As I commented in my conversation with Steve, contemporary scientific theories of the mind and consciousness are based almost entirely on 19th century physics and 20th century evolutionary biology and neurobiology. To fully understand the antiquated nature of the current demand that mental phenomena be understood according to a mechanistic model, we don't even need to look to the spookiness of quantum physics, with its nonlocality, probability waves, quantum entanglement, and other mysterious processes.
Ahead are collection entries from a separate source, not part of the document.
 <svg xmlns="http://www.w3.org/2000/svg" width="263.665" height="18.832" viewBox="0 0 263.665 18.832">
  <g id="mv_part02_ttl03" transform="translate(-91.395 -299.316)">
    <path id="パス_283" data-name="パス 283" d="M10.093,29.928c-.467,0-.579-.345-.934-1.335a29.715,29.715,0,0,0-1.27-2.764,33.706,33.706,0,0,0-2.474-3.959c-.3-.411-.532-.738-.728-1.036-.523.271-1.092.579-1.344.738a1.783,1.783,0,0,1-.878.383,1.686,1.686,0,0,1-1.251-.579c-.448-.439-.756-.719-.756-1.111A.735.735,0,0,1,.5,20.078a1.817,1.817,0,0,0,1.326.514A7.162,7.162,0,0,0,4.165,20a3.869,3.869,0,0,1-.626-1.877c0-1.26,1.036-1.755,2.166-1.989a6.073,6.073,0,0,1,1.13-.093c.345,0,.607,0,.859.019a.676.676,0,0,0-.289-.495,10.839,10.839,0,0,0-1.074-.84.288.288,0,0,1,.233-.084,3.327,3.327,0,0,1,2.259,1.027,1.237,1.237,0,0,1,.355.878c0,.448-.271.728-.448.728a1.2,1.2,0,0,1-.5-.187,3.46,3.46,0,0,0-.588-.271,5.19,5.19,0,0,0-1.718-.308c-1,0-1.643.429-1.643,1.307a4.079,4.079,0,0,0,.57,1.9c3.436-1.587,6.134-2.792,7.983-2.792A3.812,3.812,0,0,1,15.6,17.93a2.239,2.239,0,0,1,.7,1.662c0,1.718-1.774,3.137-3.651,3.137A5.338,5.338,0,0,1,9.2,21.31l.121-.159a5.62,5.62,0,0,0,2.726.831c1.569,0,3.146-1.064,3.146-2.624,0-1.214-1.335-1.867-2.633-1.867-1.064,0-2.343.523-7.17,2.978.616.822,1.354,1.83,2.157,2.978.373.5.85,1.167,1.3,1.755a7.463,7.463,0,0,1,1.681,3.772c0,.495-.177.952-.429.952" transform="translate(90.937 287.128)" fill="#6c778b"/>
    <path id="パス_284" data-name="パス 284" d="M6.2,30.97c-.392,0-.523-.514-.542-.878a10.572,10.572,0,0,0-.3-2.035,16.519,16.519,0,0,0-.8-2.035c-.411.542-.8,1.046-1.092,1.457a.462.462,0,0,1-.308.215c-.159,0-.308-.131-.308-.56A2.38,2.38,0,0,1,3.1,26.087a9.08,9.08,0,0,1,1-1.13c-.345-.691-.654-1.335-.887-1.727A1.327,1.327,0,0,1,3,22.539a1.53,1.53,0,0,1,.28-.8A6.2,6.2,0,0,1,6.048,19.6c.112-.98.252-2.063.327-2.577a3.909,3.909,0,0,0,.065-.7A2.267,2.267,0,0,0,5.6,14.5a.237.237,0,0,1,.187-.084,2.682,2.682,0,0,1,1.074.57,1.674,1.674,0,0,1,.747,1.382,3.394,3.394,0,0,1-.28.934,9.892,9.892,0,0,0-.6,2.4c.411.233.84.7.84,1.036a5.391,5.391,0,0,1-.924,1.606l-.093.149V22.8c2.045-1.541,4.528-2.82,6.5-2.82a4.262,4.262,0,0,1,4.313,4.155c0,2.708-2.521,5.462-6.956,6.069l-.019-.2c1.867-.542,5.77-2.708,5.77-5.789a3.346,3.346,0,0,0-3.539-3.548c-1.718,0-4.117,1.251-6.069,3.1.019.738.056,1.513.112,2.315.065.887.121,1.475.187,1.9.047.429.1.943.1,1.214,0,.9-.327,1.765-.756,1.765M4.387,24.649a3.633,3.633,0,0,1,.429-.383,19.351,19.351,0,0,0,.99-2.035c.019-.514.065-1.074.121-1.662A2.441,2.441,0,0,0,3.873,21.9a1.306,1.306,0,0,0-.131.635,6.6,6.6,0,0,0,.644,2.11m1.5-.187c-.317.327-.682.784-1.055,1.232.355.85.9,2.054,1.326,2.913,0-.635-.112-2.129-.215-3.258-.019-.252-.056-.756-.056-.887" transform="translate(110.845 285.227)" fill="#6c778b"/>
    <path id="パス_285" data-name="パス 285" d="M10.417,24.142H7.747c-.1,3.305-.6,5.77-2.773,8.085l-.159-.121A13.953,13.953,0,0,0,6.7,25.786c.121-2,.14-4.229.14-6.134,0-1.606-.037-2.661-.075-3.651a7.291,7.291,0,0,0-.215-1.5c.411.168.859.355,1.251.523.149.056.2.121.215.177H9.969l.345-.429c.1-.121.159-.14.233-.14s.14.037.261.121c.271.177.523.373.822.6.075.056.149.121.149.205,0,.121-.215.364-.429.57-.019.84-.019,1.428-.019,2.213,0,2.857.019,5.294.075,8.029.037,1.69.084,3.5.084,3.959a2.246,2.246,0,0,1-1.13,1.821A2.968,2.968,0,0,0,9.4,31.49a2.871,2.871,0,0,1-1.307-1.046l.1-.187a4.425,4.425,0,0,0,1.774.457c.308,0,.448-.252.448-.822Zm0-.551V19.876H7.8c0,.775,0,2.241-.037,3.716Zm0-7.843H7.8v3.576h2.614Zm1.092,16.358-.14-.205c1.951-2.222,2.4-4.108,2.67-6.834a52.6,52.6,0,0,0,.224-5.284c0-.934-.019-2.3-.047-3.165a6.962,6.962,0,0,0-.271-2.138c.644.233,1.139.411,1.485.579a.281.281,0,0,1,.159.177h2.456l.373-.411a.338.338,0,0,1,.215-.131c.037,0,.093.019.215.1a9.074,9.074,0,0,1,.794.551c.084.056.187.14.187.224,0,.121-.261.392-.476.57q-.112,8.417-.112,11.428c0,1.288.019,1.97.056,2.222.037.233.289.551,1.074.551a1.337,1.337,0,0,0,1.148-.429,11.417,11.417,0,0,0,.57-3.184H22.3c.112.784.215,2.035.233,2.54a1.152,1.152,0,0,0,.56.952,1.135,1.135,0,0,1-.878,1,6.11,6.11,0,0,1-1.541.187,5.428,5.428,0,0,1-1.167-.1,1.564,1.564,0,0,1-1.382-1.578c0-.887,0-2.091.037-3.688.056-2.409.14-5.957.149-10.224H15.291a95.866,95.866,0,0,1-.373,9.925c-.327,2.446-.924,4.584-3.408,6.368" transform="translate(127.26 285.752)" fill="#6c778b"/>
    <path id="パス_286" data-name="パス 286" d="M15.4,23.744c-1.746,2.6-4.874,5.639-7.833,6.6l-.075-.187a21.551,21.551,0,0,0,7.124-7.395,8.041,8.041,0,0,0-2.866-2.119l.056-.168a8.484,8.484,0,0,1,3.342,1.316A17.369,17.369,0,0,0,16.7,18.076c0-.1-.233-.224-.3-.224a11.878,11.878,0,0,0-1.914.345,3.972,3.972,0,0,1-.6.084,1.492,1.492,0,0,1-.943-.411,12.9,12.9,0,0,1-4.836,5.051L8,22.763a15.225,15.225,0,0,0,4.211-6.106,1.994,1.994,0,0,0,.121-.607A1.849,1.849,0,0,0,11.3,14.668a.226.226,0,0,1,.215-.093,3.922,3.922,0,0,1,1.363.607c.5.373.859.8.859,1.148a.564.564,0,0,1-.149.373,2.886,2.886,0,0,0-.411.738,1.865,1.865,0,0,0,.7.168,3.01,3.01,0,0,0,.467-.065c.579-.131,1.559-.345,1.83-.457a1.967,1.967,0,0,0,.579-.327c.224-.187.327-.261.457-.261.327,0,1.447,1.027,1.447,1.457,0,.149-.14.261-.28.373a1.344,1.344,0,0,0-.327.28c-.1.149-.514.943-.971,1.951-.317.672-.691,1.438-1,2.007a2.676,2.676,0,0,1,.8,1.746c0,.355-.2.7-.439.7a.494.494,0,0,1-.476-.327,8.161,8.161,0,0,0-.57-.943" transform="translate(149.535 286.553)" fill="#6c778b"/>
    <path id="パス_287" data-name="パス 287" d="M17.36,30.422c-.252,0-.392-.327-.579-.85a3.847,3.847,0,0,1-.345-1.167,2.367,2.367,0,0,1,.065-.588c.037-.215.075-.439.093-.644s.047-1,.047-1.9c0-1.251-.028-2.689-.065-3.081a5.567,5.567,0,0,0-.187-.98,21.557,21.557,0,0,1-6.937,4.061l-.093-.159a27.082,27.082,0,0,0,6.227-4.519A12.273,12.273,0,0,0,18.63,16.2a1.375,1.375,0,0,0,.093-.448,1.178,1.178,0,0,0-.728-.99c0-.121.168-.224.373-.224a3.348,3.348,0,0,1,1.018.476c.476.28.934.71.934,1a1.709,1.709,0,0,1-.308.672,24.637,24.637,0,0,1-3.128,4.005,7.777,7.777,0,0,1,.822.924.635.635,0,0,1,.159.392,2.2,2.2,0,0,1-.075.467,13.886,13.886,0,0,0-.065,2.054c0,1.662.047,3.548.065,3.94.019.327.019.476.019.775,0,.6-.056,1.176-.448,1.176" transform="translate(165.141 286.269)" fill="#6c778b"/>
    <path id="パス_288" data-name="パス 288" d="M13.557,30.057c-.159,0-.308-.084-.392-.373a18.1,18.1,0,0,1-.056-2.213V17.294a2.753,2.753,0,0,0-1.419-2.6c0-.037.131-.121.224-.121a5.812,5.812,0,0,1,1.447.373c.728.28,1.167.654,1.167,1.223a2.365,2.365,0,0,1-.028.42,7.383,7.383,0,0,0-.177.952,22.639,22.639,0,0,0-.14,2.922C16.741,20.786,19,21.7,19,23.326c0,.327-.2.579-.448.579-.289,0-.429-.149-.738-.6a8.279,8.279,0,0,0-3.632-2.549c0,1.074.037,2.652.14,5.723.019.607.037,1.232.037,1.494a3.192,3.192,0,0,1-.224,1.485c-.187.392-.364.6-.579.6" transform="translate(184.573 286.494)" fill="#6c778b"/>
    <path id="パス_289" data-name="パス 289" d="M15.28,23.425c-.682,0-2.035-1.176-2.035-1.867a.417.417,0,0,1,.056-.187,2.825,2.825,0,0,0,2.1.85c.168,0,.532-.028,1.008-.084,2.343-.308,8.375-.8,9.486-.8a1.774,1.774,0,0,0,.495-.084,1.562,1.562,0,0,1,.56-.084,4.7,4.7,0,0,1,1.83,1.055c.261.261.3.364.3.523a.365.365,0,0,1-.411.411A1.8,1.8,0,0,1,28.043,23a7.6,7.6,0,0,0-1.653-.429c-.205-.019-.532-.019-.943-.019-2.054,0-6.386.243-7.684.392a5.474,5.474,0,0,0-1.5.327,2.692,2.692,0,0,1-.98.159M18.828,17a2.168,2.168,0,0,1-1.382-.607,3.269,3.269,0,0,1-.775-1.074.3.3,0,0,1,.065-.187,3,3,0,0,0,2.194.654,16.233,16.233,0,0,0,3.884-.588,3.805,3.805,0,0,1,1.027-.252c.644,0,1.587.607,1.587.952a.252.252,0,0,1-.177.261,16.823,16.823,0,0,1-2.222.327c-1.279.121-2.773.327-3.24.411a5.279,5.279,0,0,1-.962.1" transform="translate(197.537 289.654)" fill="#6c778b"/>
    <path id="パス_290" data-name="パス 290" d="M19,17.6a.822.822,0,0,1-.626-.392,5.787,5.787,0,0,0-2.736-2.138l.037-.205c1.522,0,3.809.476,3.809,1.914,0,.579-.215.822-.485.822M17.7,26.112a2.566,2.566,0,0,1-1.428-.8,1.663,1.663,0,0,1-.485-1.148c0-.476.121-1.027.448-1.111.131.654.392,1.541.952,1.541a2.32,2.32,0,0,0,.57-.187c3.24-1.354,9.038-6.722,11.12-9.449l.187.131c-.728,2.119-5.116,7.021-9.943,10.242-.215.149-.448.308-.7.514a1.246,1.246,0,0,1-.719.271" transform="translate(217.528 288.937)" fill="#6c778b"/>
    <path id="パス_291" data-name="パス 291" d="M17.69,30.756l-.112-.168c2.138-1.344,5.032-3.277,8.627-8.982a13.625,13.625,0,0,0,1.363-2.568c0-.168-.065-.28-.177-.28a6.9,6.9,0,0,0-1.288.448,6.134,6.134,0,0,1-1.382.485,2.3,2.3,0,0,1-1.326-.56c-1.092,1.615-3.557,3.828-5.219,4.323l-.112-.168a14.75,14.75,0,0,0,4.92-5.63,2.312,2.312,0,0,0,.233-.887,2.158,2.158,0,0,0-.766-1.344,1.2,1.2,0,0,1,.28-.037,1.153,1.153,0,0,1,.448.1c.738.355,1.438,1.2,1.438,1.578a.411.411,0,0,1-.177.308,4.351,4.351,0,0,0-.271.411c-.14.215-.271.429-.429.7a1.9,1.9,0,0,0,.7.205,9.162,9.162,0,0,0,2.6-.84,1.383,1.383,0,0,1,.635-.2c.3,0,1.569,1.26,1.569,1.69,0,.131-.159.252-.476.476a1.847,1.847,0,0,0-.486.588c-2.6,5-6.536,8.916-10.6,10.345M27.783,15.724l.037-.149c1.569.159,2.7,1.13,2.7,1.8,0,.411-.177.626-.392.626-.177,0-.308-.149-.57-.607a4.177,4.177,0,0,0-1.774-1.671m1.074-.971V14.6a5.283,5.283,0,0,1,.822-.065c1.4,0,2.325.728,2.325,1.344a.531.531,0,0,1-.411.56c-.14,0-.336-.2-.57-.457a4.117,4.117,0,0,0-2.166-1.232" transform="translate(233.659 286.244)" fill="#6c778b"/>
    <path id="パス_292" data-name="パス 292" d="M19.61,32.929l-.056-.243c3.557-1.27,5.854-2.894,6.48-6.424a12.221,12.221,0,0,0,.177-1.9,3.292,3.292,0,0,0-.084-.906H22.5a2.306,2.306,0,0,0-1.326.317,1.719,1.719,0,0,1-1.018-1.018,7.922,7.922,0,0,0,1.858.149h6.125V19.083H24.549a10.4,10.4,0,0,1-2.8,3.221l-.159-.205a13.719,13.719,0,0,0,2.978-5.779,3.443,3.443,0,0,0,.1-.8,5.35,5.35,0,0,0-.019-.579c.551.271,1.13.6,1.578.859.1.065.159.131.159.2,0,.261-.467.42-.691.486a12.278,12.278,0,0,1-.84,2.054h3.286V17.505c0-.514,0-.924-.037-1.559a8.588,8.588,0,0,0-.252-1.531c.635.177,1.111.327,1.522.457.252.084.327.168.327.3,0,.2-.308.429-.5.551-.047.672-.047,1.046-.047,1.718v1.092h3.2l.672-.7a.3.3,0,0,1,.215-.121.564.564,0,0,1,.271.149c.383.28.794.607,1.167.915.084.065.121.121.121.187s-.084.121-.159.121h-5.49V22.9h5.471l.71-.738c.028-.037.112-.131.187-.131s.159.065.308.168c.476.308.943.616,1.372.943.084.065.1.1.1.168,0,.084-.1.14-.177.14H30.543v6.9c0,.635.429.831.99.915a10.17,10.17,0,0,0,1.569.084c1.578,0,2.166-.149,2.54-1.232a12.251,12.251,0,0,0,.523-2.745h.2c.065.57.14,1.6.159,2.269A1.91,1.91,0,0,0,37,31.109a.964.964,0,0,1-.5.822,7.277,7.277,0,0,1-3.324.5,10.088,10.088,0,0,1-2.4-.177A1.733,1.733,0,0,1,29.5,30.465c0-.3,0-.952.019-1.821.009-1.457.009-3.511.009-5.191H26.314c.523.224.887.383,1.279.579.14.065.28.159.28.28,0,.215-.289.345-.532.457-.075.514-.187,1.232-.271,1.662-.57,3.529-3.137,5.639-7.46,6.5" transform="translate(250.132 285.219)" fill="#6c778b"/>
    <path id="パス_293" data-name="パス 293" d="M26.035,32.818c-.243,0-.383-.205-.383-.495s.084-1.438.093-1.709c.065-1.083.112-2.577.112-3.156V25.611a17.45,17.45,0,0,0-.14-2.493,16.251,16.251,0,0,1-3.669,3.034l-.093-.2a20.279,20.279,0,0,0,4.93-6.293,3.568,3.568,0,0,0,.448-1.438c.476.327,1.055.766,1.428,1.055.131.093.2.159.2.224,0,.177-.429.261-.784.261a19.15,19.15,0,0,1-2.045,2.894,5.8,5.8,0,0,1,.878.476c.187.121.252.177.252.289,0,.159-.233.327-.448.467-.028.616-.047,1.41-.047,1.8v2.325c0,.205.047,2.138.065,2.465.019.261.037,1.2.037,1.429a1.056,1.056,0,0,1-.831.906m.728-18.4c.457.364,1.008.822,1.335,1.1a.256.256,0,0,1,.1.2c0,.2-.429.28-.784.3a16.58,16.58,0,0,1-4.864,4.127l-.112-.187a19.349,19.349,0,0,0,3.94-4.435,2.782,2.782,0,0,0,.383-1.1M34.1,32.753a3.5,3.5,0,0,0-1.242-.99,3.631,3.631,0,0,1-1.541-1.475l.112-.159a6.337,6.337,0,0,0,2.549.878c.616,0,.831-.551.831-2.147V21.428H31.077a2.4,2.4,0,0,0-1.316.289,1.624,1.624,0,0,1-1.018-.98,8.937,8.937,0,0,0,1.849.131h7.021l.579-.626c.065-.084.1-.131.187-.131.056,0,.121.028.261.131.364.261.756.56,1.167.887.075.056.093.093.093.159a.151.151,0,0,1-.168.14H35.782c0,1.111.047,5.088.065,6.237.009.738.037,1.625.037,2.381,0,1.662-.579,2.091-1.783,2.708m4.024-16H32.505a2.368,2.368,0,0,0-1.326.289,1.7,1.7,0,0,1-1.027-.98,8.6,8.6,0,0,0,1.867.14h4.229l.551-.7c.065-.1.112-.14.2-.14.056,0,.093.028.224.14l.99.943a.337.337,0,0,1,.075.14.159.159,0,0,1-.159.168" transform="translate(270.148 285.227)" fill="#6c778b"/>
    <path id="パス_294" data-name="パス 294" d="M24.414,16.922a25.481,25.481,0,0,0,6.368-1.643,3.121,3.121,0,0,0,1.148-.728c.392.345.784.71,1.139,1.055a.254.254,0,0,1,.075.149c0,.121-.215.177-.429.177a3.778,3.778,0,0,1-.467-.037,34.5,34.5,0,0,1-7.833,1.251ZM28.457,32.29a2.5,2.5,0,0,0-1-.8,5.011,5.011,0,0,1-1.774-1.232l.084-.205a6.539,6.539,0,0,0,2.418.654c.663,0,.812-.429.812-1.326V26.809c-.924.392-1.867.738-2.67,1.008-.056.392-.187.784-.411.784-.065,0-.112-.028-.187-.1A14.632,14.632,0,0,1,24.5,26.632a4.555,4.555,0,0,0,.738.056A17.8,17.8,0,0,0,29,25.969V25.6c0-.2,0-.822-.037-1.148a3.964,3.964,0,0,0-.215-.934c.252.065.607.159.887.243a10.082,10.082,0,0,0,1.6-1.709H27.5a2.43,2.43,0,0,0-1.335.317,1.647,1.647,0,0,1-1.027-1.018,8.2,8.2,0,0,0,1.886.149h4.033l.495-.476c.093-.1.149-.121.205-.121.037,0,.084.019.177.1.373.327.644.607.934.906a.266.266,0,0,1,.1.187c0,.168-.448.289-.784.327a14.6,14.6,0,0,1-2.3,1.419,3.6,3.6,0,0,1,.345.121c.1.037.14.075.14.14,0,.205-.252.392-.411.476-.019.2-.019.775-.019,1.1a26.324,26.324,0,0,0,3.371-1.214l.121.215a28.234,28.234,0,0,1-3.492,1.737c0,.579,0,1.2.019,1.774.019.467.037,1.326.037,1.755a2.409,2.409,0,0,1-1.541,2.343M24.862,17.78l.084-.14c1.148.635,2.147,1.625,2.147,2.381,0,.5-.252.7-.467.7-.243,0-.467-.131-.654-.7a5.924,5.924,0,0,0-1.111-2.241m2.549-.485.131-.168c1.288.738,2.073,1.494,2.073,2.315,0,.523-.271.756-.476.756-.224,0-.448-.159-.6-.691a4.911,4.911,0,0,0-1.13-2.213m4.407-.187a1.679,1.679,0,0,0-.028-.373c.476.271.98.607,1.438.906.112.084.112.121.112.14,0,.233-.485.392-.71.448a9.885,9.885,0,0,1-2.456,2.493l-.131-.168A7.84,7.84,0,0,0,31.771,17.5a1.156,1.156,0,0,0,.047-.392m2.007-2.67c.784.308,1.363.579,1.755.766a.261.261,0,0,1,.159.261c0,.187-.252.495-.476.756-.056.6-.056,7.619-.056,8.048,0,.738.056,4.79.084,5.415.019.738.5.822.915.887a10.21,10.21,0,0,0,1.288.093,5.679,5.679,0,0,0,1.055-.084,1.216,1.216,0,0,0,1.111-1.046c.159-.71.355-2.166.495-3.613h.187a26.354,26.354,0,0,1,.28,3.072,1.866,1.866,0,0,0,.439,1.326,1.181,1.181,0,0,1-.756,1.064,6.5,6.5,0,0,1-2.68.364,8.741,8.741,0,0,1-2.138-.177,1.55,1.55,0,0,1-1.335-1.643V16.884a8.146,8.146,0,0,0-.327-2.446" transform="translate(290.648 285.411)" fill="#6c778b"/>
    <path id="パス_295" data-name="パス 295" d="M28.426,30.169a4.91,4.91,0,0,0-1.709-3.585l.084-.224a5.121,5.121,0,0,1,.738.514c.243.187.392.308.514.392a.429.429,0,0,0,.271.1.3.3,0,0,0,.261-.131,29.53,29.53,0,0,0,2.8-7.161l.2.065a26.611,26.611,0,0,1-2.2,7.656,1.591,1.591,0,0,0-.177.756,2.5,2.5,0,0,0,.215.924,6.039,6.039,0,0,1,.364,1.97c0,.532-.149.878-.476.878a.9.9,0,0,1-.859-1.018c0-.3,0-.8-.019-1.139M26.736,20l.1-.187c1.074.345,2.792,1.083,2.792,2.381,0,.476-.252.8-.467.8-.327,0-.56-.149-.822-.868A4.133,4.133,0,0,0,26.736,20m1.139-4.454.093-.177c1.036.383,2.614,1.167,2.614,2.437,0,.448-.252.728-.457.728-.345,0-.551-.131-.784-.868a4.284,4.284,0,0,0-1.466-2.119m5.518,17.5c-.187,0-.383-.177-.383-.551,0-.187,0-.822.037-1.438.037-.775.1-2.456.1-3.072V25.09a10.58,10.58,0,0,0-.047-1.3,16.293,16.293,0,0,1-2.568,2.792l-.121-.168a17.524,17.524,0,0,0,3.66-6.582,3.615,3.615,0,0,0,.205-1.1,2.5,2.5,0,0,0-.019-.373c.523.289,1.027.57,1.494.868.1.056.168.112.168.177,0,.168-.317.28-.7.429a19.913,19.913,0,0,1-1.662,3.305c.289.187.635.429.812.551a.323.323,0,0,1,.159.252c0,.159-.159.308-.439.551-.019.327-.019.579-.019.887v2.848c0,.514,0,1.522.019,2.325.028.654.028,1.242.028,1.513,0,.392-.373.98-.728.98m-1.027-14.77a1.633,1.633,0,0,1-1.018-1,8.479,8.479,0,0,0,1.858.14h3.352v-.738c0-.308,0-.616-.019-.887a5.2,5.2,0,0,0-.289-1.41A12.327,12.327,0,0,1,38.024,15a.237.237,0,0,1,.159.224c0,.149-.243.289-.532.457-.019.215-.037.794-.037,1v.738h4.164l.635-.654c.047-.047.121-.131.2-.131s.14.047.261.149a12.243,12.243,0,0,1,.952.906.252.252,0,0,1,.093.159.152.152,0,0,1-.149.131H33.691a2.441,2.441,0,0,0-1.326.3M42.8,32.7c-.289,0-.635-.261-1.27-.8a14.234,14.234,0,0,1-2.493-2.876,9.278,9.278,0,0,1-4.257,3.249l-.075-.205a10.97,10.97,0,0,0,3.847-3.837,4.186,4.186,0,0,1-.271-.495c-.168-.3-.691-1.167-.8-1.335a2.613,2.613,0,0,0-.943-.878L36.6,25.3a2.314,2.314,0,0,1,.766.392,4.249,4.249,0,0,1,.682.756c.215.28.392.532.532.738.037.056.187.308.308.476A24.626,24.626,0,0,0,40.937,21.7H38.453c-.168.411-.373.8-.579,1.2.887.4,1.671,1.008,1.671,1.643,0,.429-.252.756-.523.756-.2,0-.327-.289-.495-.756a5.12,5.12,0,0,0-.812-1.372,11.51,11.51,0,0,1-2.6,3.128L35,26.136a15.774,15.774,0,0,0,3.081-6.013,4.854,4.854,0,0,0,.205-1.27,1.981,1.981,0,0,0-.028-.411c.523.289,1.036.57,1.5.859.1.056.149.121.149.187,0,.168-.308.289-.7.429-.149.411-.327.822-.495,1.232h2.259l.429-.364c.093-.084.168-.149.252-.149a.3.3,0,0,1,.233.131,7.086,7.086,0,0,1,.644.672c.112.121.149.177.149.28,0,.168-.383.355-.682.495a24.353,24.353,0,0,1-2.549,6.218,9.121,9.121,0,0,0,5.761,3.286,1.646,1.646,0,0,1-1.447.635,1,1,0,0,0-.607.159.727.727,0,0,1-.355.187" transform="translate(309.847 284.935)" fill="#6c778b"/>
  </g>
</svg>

My point can be illustrated with a brief review of electromagnetism. James Clerk Maxwell presented his four equations describing electromagnetic phenomena in 1864. At that time it was well known that electric currents could be carried by a material medium such as a copper wire. As late as 1884, Lord Kelvin expressed the view of virtually all physicists that electromagnetic fields required a physical medium in space, known as the luminiferous ether, by which they could manifest their wave properties. "One thing we are sure of," he commented, "and that is the reality and substantiality of the luminiferous ether." Just three years later, the Michelson-Morley experiment provided the first strong evidence against the theory of such an ether, and this effectively undermined all mechanical explanations of electromagnetic fields in space. Such fields are not "real stuff" out there, and they can be described only in terms of mathematical abstractions. But they still interact with matter. Einstein concluded in 1938: "All assumptions concerning ether led nowhere!"
I suspect that over the coming decades we shall recognize that all assumptions that fields of consciousness must invariably be carried by a material medium likewise lead nowhere. Be that as it may, given the principle of the conservation of energy, how can anything nonphysical influence the material world? For starters, we should recall Richard Feynman's comment: "It is important to realize that in physics today we have no knowledge of what energy is." And the Heisenberg energy-time uncertainty principle demonstrates that violations of this conservation principle do occur, and they may have macroscopic effects in the material world.
As I make clear in my book "Contemplative Science," I make no pretense of speaking for all schools of Buddhism. In fact, I don't know anyone who does, so I assumed that no one would think I am trying to do so. Traditional Theravada Buddhist and Tibetan Buddhists do generally believe in reincarnation, while some Chan and Zen Buddhists do and others don't. The earliest records of the Buddha's teachings make it perfectly clear that he claimed to have achieved "direct knowledge" of his own and others' past lives; and many later contemplatives have allegedly replicated his findings. This is one of the hallmarks of the contemplative science that is found in Buddhism.
Whatever our beliefs may be, questions pertaining to the nature of consciousness and its possible continuity beyond this life are not merely intellectual or metaphysical. They have an enormous bearing on our understanding of human existence and the parameters of Nature as a whole. I am not encouraging anyone to accept Buddhist hypotheses simply out of faith, nor did the Buddha himself encourage such blind belief. But I am convinced that collaborative research among psychologists, cognitive neuroscientists, and contemplatives from multiple traditions may yield a much richer, more comprehensive understanding of consciousness than any one of those disciplines by itself.